More importantly for Jesse, the inflation-adjusted poverty exemption means he will pay significantly less before he qualifies for loan forgiveness than the Department explains in its illustration. If Jesse made his loan payments under the existing IBR plan (linked to 15 percent of his income with 25-year loan forgiveness), he would pay a whopping $45,389 less than what the Department of Education shows. Under the proposed PAYE plan (tied to 10 percent of income with 20-year loan forgiveness) he would pay only $2,935 over the course of twenty years. That is $18,231 below the amount that the Department of Education shows in its illustration. Click here to compare our figures with those released by the Department.

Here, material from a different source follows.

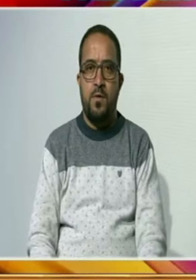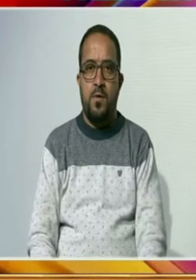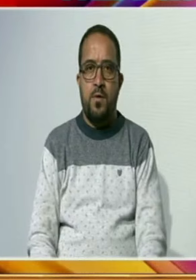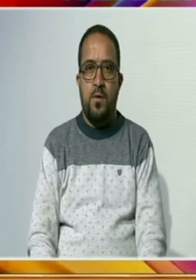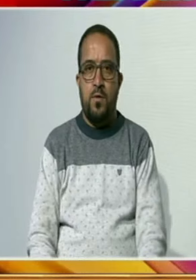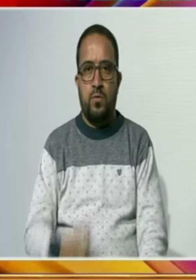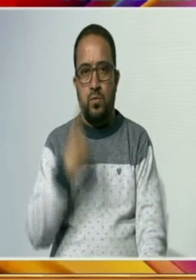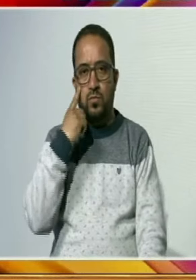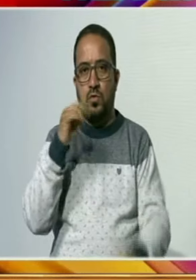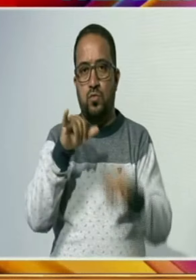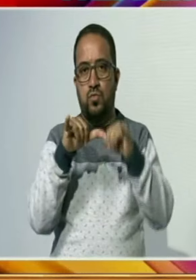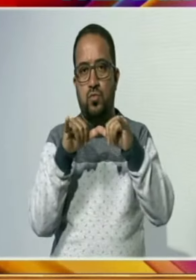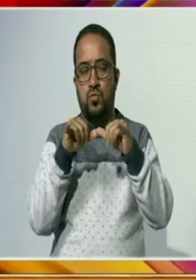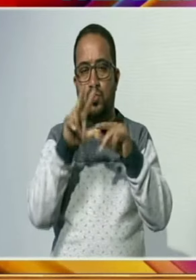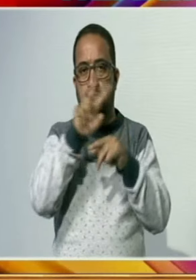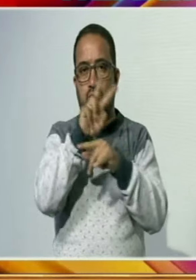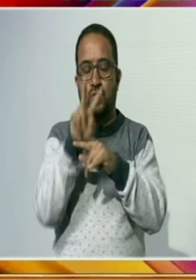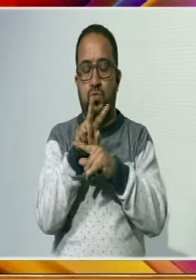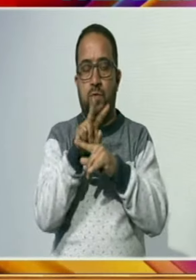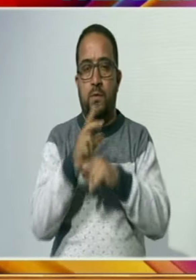قریبی نظر رکھے ہوئے ہیں

Since the recently-released regulations are not yet final, we hope the Department will address both issues – the poverty exemption calculation and the swelling size of Jesse’s loan balance – in its subsequent release. The Obama Administration should be forthcoming about accrued interest and the actual amount of debt forgiven under IBR and PAYE, and its examples should reflect the inflationary increases in the poverty exemption that are required by law.

On a final note, the proposed regulations show the PAYE plan will cost taxpayers $2.1 billion over the next 10 years. That’s because the Department believes 1.67 million borrowers will be eligible for and choose the PAYE plan. Some 400,000 of them will get loan forgiveness worth an average of $41,000 on original loan balances of $39,500.

That is effectively a $41,000 grant. It is also four times more than what the average four-year Pell Grant recipient receives in grant aid. That is exactly the kind of number the Department of Education should be talking about.